*WORK INSTRUCTION:* From first line to last, give the records again word for word and omit the pictures.

..........

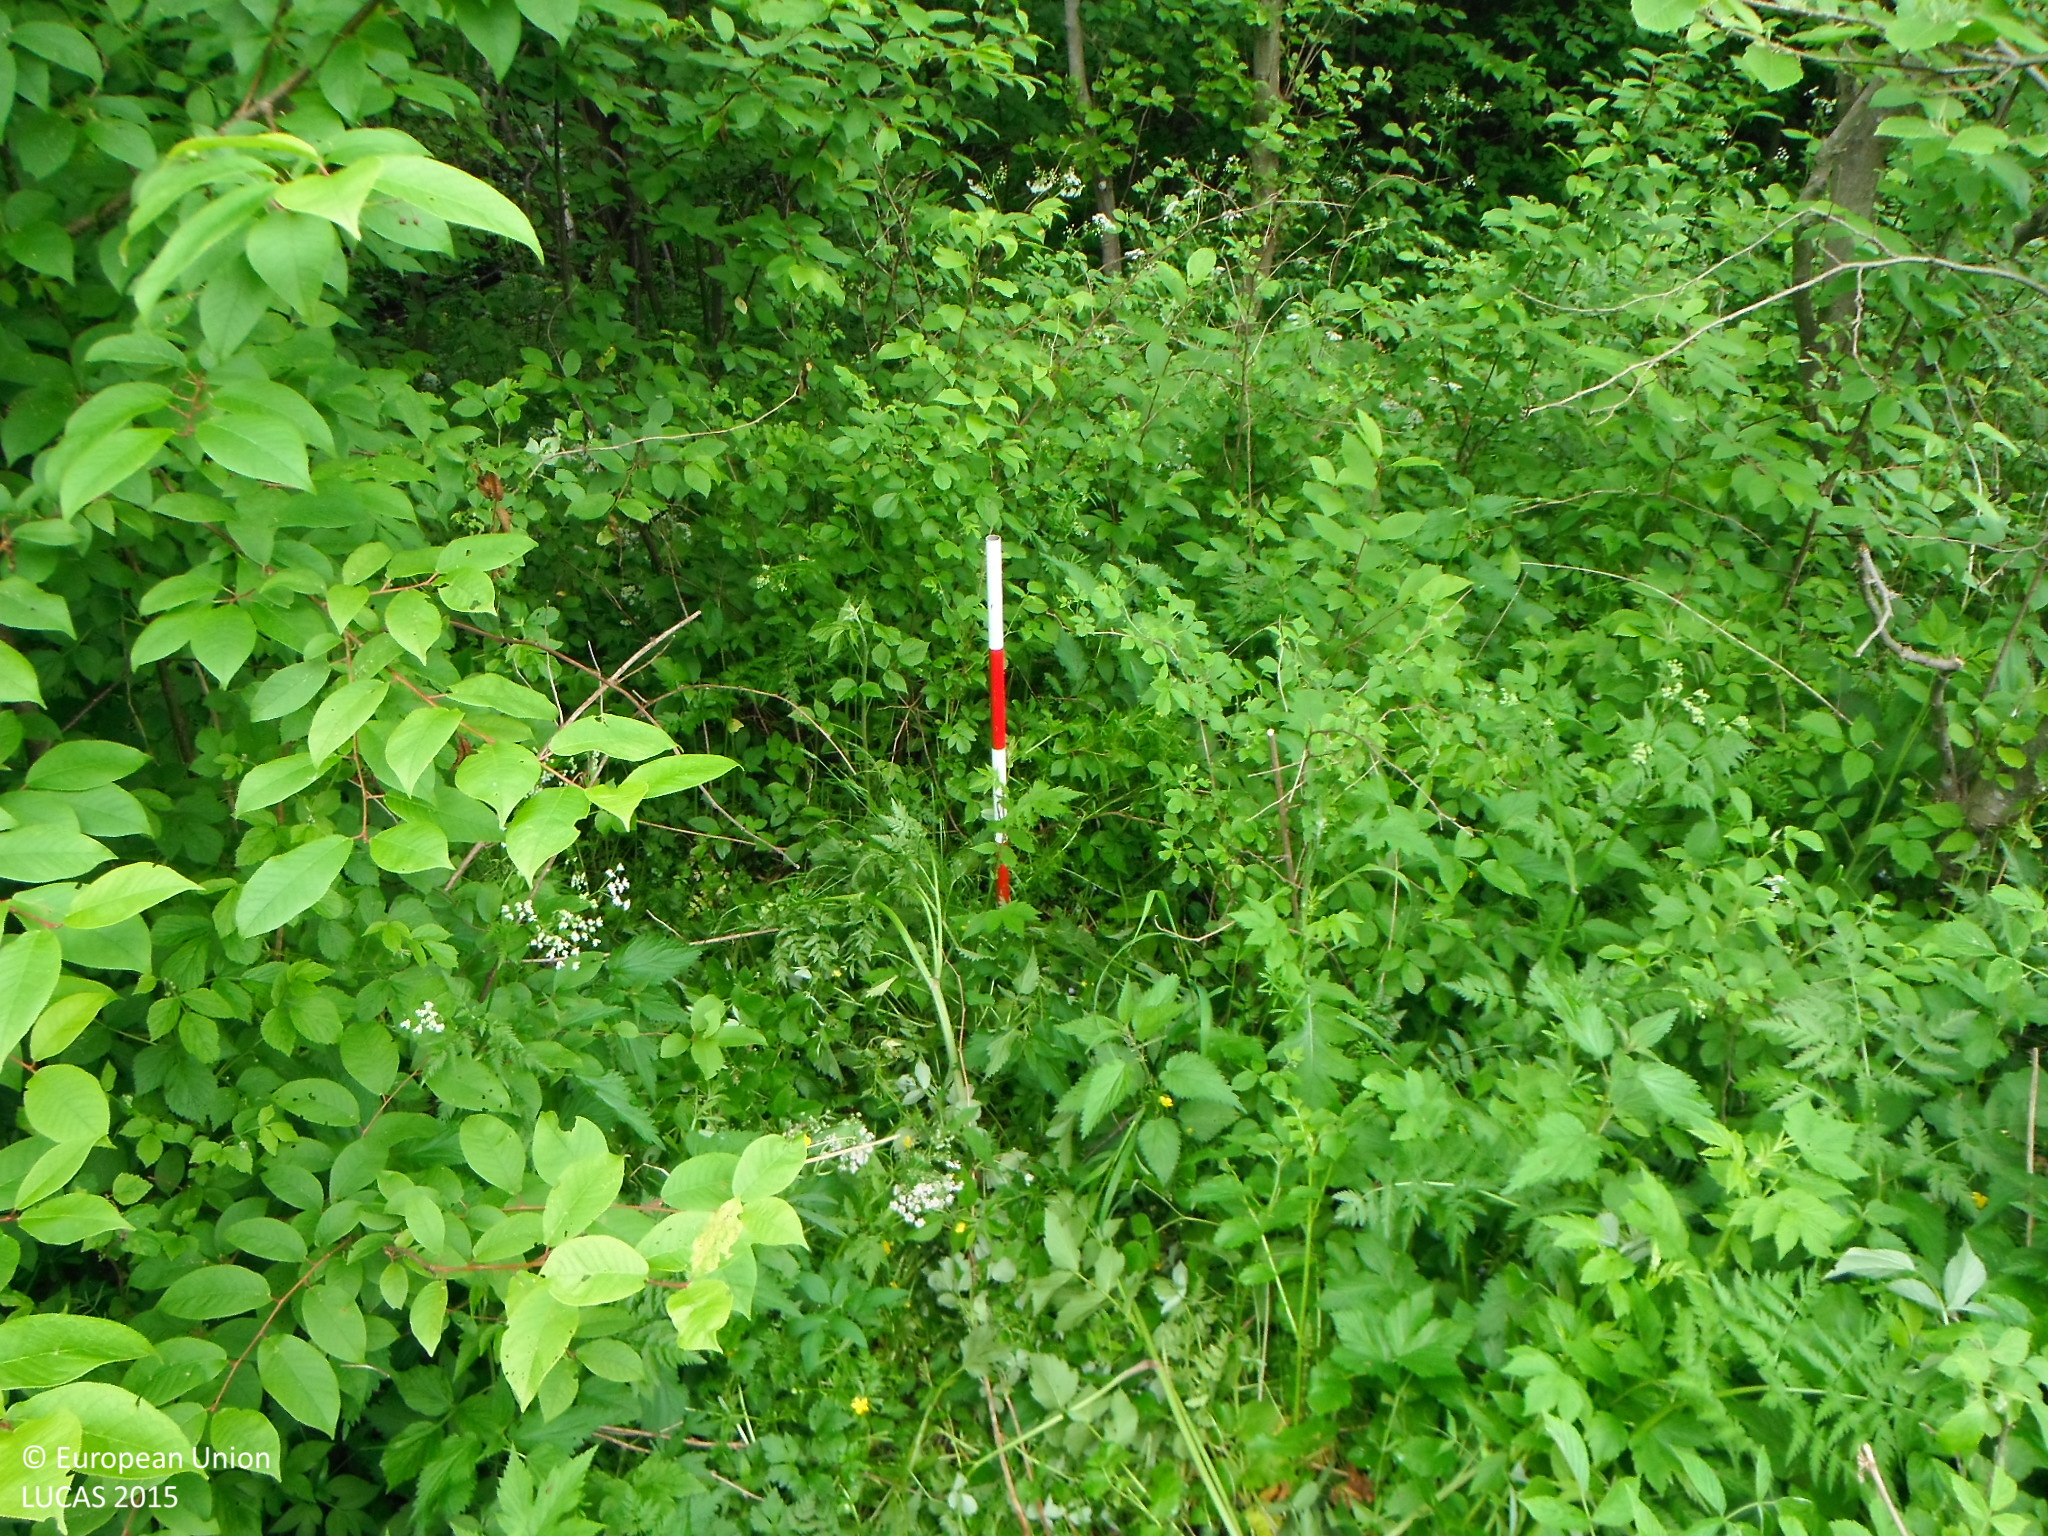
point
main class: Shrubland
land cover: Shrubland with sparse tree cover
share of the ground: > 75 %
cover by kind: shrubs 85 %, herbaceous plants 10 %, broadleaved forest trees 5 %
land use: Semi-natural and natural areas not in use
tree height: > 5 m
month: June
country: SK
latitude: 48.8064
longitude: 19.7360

..........

*TASK RESPONSE:*
point
main class: Shrubland
land cover: Shrubland with sparse tree cover
share of the ground: > 75 %
cover by kind: shrubs 85 %, herbaceous plants 10 %, broadleaved forest trees 5 %
land use: Semi-natural and natural areas not in use
tree height: > 5 m
month: June
country: SK
latitude: 48.8064
longitude: 19.7360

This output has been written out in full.